Unsigned subtraction table. Note that CF is set when the answer should be negative; this indicates the first number is smaller (unsigned below), so "jb" checks CF==1. "jbe" checks CF==1 or ZF==1. Here's a tiny version of the above table:

v minus ->	4bn	3bn	2bn	1bn	0
4bn	ZF (=)	no flags (>)	no flags (>)	no flags (>)	no flags (>)
3bn	CF (<)	ZF (=)	no flags (>)	no flags (>)	no flags (>)
2bn	CF (<)	CF (<)	ZF (=)	no flags (>)	no flags (>)
1bn	CF (<)	CF (<)	CF (<)	ZF (=)	no flags (>)
0	CF (<)	CF (<)	CF (<)	CF (<)	ZF (=)

Not too bad, right? For unsigned, CF means less than. Note that SF and OF are going crazy during this table, but for unsigned, we can ignore them.

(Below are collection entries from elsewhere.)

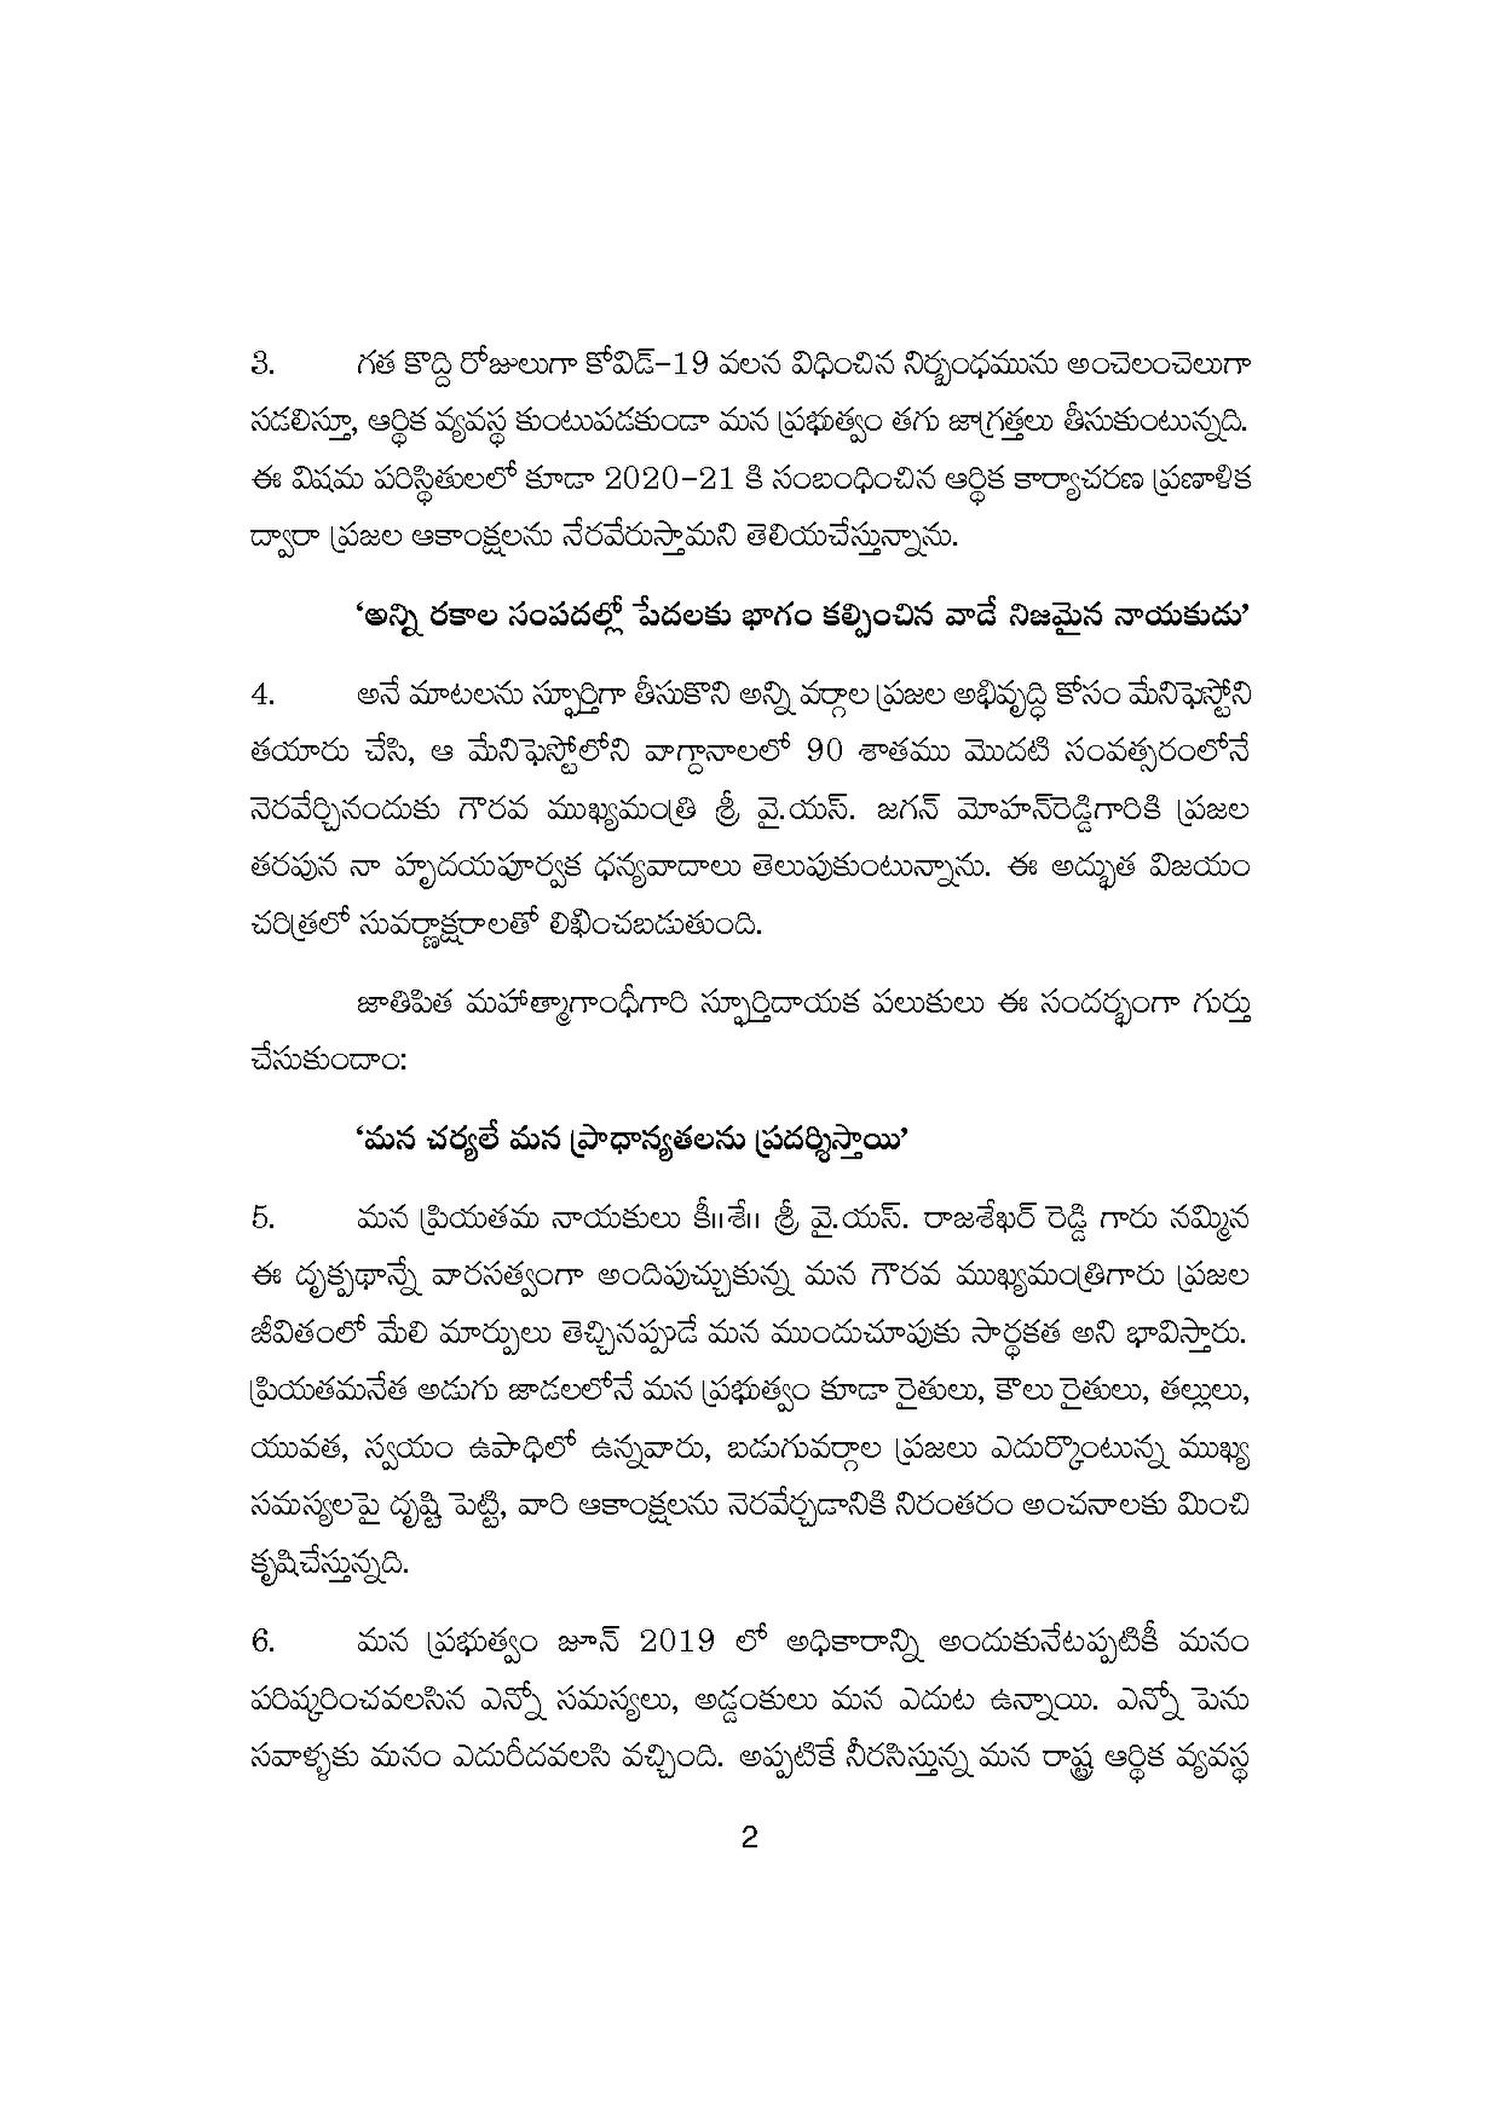3. గత కొద్ది రోజులుగా కోవిడ్-19 వలన విధించిన నిర్బంధమును అంచెలంచెలుగా సడలిస్తూ, ఆర్థిక వ్యవస్థ కుంటుపడకుండా మన ప్రభుత్వం తగు జాగ్రత్తలు తీసుకుంటున్నది. ఈ విషమ పరిస్థితులలో కూడా 2020-21 కి సంబంధించిన ఆర్థిక కార్యాచరణ ప్రణాళిక ద్వారా ప్రజల ఆకాంక్షలను నేరవేరుస్తామని తెలియచేస్తున్నాను.

'అన్ని రకాల సంపదల్లో పేదలకు భాగం కల్పించిన వాడే నిజమైన నాయకుడు' 

4. అనే మాటలను స్ఫూర్తిగా తీసుకొని అన్ని వర్గాల ప్రజల అభివృద్ధి కోసం మేనిఫెస్టోని తయారు చేసి, ఆ మేనిఫెస్టోలోని వాగ్దానాలలో 90 శాతము మొదటి సంవత్సరంలోనే
నెరవేర్చినందుకు గౌరవ ముఖ్యమంత్రి శ్రీ వై.యస్. జగన్ మోహన్ రెడ్డిగారికి ప్రజల తరపున నా హృదయపూర్వక ధన్యవాదాలు తెలుపుకుంటున్నాను. ఈ అద్భుత విజయం చరిత్రలో సువర్ణాక్షరాలతో లిఖించబడుతుంది.
జాతిపిత మహాత్మాగాంధీగారి స్ఫూర్తిదాయక పలుకులు ఈ సందర్భంగా గుర్తు చేసుకుందాం:

'మన చర్యలే మన ప్రాధాన్యతలను ప్రదర్శిస్తాయి' 

5. మన ప్రియతమ నాయకులు కీ॥ శే॥ శ్రీ వై.యస్. రాజశేఖర్ రెడ్డి గారు నమ్మిన ఈ దృక్పథాన్నే వారసత్వంగా అందిపుచ్చుకున్న మన గౌరవ ముఖ్యమంత్రిగారు ప్రజల జీవితంలో మేలి మార్పులు తెచ్చినప్పుడే మన ముందుచూపుకు సార్థకత అని భావిస్తారు. ప్రియతమనేత అడుగు జాడలలోనే మన ప్రభుత్వం కూడా రైతులు, కౌలు రైతులు, తల్లులు, యువత, స్వయం ఉపాధిలో ఉన్నవారు, బడుగువర్గాల ప్రజలు ఎదుర్కొంటున్న ముఖ్య సమస్యలపై దృష్టి పెట్టి, వారి ఆకాంక్షలను నెరవేర్చడానికి నిరంతరం అంచనాలకు మించి కృషిచేస్తున్నది. 

6. మన ప్రభుత్వం జూన్ 2019 లో అధికారాన్ని అందుకునేటప్పటికీ మనం పరిష్కరించవలసిన ఎన్నో సమస్యలు, అడ్డంకులు మన ఎదుట ఉన్నాయి. ఎన్నో పెను సవాళ్ళకు మనం ఎదురీదవలసి వచ్చింది. అప్పటికే నీరసిస్తున్న మన రాష్ట్ర ఆర్థిక వ్యవస్థ

Here's the same table for signed numbers:

v minus ->	2000000000	1000000000	0	-1000000000	-2000000000
2000000000	0 ZF	1000000000	2000000000	-1294967296 (32-bit version of 3000000000) SF OF	-294967296 (32-bit version of 4000000000) SF OF
1000000000	-1000000000 SF	0 ZF	1000000000	2000000000	-1294967296 (32-bit version of 3000000000) SF OF
0	-2000000000 SF	-1000000000 SF	0 ZF	1000000000	2000000000
-1000000000	1294967296 (32-bit version of -3000000000) OF	-2000000000 SF	-1000000000 SF	0 ZF	1000000000
-2000000000	294967296 (32-bit version of -4000000000) OF	1294967296 (32-bit version of -3000000000) OF	-2000000000 SF	-1000000000 SF	0 ZF

Signed subtraction table. If the first number is less than than the second number, you either get just SF (negative answer) or just OF (overflow). If it's greater, you get either no flags (positive answer, no overflow), or both SF and OF (negative answer due to overflow). Here's a scaled-down version of the above table:

v minus ->	+2bn	+1bn	0	-1bn	-2bn
+2bn	ZF (=)	no flags (>)	no flags (>)	SF OF (>)	SF OF (>)
+1bn	SF (<)	ZF (=)	no flags (>)	no flags (>)	SF OF (>)
0	SF (<)	SF (<)	ZF (=)	no flags (>)	no flags (>)
-1bn	OF (<)	SF (<)	SF (<)	ZF (=)	no flags (>)
-2bn	OF (<)	OF (<)	SF (<)	SF (<)	ZF (=)

Again, for signed numbers, *either* SF or OF alone means <. No flags, or *both* SF and OF mean >. "jl" and "jg" do these tests.

You can probably live your whole life, and certainly pass this class, without remembering exactly why "jl" tests for SF!=OF. You do, however, have to know that SF and OF exist, because they really are useful on their own.